Output the data word for word. Begin at its first line and end at the line with "stones on the ground: 25 - 50 %".

■ Material provided
____________

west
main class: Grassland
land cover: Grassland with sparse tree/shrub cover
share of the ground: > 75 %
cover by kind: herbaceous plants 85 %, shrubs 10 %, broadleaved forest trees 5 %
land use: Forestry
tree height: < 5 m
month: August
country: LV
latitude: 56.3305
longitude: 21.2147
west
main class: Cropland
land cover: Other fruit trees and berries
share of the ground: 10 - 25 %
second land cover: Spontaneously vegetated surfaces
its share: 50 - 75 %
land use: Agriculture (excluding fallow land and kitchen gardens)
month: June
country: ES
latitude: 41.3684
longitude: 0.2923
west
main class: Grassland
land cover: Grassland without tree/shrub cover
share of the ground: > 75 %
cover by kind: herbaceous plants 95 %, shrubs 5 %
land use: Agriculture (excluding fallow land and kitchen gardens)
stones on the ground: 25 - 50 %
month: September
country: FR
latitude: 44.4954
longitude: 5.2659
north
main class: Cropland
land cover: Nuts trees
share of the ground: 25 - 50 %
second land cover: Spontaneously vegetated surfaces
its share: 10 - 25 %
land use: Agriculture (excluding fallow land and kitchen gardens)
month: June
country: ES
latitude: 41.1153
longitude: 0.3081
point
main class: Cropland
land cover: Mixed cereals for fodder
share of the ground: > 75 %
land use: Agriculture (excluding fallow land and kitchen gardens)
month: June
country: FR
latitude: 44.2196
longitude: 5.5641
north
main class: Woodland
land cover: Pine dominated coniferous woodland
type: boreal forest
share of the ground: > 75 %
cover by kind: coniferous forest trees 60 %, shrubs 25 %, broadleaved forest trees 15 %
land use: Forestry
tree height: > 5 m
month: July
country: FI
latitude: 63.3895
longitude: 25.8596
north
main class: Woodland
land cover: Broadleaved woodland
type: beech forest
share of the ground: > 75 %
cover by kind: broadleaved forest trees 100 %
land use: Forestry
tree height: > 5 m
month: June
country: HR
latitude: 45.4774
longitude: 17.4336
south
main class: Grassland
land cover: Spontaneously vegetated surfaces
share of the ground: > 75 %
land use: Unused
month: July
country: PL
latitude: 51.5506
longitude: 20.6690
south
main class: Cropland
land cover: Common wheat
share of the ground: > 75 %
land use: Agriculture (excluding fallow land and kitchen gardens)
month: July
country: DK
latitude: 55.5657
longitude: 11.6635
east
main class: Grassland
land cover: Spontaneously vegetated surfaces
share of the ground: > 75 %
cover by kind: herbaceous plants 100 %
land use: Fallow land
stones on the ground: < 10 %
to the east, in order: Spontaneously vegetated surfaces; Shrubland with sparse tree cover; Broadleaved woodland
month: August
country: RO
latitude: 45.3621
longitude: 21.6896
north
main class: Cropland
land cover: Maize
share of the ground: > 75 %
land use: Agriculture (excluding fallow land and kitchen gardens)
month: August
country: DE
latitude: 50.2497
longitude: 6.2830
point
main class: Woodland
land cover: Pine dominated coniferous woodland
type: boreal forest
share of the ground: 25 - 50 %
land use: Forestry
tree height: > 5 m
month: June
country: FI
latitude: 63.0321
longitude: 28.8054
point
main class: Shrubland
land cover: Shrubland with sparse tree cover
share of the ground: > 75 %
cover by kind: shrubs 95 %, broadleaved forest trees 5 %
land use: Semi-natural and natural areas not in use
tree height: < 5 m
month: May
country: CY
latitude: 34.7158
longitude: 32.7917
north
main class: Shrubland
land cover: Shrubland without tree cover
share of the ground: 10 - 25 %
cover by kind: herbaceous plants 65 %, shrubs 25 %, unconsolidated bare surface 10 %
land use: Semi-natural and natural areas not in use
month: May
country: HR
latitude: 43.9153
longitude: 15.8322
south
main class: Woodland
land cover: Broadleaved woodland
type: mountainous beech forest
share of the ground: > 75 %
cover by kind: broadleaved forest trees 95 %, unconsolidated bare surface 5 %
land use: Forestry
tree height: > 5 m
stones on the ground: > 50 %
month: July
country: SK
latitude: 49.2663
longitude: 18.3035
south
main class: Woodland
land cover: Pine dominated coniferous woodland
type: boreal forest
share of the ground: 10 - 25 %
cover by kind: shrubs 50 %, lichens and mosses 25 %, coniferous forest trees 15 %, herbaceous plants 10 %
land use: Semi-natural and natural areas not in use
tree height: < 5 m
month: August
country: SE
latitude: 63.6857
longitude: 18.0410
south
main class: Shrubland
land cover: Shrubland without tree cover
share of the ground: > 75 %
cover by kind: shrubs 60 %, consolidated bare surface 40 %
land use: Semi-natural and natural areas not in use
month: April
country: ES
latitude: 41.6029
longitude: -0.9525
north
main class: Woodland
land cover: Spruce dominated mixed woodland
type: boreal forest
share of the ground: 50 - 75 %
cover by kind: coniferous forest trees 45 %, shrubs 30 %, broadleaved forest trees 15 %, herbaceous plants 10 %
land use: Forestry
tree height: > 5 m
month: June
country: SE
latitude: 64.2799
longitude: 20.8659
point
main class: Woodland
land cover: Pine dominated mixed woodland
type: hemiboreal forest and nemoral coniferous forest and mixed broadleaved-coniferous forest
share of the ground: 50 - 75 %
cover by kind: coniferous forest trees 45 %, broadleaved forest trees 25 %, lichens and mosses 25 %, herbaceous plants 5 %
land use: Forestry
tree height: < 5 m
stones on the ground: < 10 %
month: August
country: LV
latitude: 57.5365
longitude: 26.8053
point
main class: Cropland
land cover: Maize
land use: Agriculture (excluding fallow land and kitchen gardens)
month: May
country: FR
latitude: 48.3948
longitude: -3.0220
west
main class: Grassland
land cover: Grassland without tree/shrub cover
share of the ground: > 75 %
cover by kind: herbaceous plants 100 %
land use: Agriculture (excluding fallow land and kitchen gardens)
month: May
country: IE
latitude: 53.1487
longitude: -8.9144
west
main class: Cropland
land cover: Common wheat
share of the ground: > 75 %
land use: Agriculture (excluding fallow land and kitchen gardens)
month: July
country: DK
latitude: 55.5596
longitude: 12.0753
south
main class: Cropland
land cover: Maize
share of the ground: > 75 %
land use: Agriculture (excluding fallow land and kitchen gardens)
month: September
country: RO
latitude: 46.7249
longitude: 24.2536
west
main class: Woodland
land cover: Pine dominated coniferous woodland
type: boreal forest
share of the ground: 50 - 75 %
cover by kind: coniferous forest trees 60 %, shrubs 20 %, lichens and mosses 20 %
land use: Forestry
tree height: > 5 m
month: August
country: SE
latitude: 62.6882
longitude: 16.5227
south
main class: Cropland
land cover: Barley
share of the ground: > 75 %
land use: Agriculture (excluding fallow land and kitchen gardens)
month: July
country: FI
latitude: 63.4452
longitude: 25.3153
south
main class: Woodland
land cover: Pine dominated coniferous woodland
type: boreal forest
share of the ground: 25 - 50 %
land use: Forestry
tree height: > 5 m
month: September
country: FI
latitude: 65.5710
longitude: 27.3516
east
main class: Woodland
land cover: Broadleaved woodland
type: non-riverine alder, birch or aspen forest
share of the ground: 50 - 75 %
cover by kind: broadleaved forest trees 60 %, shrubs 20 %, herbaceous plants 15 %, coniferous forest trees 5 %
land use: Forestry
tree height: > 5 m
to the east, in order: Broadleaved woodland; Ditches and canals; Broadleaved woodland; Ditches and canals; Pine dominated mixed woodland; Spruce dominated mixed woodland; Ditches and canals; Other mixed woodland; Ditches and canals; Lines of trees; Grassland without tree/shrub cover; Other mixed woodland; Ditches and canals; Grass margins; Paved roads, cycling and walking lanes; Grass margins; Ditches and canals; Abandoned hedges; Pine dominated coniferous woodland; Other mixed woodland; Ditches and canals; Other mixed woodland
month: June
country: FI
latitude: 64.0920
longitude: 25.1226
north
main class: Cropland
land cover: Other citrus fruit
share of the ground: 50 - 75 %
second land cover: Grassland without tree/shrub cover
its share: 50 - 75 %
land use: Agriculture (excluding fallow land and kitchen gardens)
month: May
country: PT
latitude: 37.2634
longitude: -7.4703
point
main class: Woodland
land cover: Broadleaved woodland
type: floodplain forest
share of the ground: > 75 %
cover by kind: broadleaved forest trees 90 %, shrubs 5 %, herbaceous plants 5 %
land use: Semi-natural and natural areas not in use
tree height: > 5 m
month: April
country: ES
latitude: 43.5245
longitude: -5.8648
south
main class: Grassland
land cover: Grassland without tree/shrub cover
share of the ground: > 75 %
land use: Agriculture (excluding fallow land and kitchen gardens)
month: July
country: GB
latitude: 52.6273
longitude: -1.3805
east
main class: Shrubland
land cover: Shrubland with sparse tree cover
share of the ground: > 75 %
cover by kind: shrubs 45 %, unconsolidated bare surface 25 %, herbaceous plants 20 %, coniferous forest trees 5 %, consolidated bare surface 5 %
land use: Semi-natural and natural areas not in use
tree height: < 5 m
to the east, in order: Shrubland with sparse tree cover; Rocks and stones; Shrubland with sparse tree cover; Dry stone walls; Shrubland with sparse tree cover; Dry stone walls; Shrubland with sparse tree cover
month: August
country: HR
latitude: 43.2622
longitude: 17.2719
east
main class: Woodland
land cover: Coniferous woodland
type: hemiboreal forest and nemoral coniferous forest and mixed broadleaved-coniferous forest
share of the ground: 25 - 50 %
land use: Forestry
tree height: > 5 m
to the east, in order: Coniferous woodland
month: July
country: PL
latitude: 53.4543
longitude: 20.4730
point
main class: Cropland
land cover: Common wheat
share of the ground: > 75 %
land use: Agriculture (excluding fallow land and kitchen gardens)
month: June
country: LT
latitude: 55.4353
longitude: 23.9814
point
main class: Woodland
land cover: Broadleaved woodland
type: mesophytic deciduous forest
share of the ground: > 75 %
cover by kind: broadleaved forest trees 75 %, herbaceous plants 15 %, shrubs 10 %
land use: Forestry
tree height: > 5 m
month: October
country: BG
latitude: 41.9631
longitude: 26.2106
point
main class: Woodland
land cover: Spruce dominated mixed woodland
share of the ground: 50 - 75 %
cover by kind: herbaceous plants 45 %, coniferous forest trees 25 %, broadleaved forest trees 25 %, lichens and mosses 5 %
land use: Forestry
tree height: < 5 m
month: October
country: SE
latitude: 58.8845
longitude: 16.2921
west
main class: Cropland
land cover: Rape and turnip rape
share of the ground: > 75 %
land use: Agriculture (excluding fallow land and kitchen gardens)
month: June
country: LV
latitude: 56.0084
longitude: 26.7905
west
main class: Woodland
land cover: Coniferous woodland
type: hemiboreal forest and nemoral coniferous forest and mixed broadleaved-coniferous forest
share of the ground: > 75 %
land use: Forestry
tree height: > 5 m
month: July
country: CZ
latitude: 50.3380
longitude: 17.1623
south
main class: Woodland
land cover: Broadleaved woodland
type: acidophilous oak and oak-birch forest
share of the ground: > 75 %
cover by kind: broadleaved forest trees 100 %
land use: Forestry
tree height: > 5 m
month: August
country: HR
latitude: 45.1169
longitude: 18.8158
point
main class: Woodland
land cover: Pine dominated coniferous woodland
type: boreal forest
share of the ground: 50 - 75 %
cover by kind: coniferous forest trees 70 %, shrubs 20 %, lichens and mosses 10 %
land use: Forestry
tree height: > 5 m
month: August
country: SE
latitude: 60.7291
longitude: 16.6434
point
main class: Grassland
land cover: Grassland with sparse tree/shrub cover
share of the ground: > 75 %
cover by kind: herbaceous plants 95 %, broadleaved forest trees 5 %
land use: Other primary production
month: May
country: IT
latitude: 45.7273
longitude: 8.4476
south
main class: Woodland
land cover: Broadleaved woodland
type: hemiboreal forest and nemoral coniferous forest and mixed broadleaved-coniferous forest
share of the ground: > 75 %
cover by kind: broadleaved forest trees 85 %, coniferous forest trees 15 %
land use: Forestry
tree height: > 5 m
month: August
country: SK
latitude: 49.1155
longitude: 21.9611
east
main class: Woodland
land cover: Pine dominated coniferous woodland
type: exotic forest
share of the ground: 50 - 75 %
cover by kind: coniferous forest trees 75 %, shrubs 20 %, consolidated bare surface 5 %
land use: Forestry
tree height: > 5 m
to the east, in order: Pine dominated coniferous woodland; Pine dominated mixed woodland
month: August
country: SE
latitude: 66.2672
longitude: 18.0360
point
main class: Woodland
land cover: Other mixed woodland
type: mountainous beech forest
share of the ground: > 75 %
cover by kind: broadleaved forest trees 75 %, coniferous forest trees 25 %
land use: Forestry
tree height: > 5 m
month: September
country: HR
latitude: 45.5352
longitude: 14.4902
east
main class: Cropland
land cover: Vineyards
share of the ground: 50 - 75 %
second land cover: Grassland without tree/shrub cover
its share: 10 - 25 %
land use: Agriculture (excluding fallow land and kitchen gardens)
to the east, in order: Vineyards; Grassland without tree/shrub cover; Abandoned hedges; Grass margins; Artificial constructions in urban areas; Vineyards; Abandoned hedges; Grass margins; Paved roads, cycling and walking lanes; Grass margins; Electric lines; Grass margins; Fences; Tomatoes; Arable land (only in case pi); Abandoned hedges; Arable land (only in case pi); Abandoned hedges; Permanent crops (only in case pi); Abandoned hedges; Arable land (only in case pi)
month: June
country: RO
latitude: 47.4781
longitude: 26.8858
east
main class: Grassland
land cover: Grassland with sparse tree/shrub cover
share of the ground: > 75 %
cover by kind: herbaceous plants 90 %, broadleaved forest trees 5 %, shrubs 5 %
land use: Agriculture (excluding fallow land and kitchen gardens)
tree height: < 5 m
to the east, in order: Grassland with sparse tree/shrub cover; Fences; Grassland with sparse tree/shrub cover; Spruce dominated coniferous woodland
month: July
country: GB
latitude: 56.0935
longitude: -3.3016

____________

■ Result for this task
west
main class: Grassland
land cover: Grassland with sparse tree/shrub cover
share of the ground: > 75 %
cover by kind: herbaceous plants 85 %, shrubs 10 %, broadleaved forest trees 5 %
land use: Forestry
tree height: < 5 m
month: August
country: LV
latitude: 56.3305
longitude: 21.2147
west
main class: Cropland
land cover: Other fruit trees and berries
share of the ground: 10 - 25 %
second land cover: Spontaneously vegetated surfaces
its share: 50 - 75 %
land use: Agriculture (excluding fallow land and kitchen gardens)
month: June
country: ES
latitude: 41.3684
longitude: 0.2923
west
main class: Grassland
land cover: Grassland without tree/shrub cover
share of the ground: > 75 %
cover by kind: herbaceous plants 95 %, shrubs 5 %
land use: Agriculture (excluding fallow land and kitchen gardens)
stones on the ground: 25 - 50 %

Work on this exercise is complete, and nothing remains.